◆ **What you have to do**: Please retype the entries that follow exactly as they are, leaving the images behind.

Entries taken from a collection
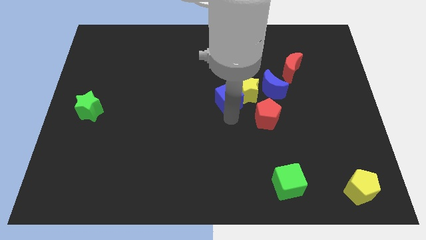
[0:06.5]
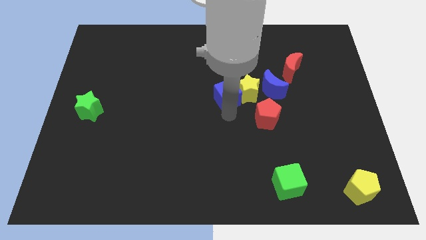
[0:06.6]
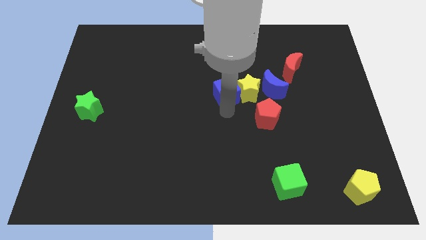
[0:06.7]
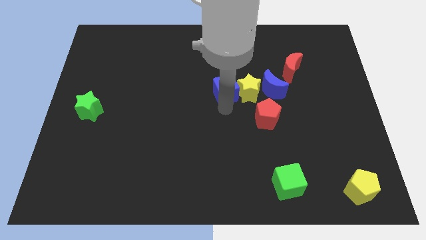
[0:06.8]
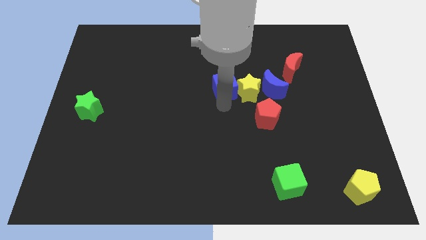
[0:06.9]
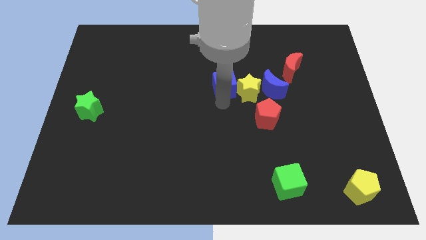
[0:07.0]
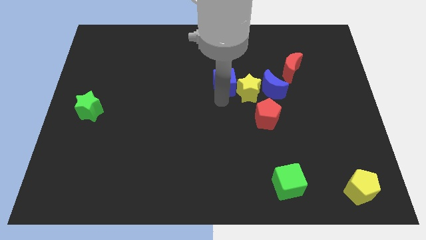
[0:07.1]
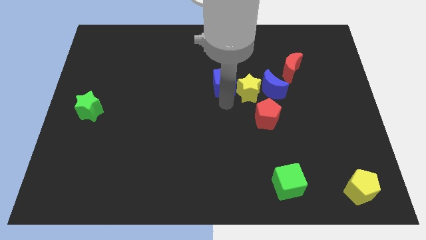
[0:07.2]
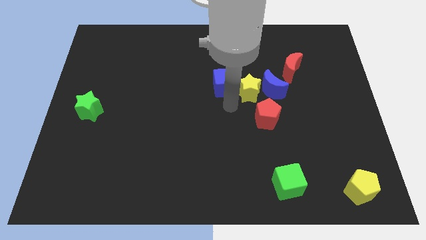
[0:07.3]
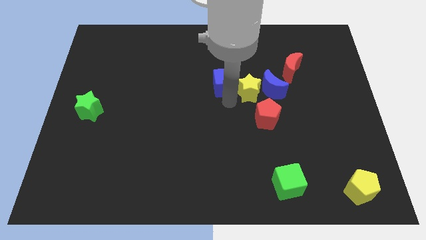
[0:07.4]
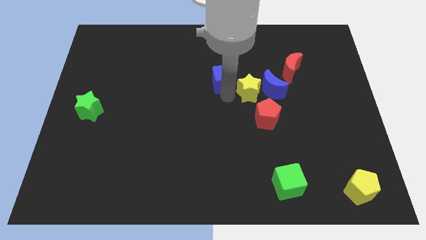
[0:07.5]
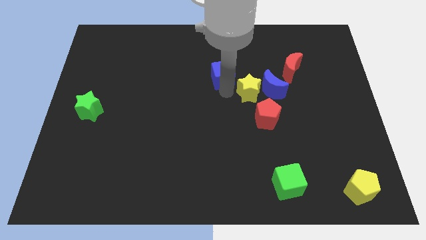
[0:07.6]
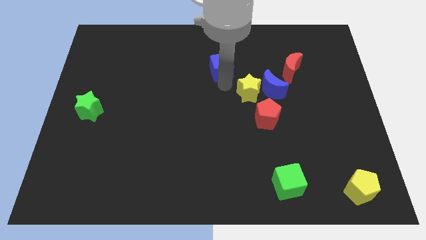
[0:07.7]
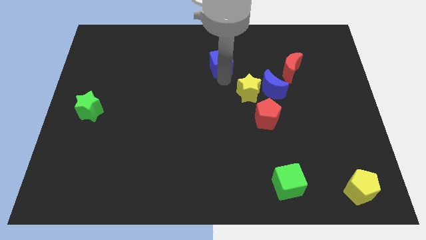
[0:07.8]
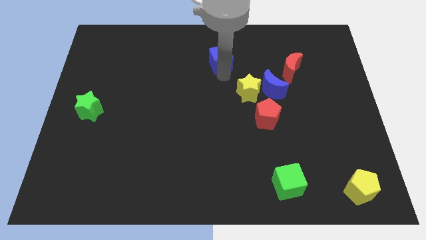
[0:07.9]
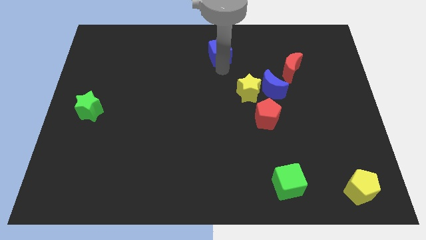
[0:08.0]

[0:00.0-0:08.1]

◆ **Final answer**:
[0:06.5]
[0:06.6]
[0:06.7]
[0:06.8]
[0:06.9]
[0:07.0]
[0:07.1]
[0:07.2]
[0:07.3]
[0:07.4]
[0:07.5]
[0:07.6]
[0:07.7]
[0:07.8]
[0:07.9]
[0:08.0]

[0:00.0-0:08.1]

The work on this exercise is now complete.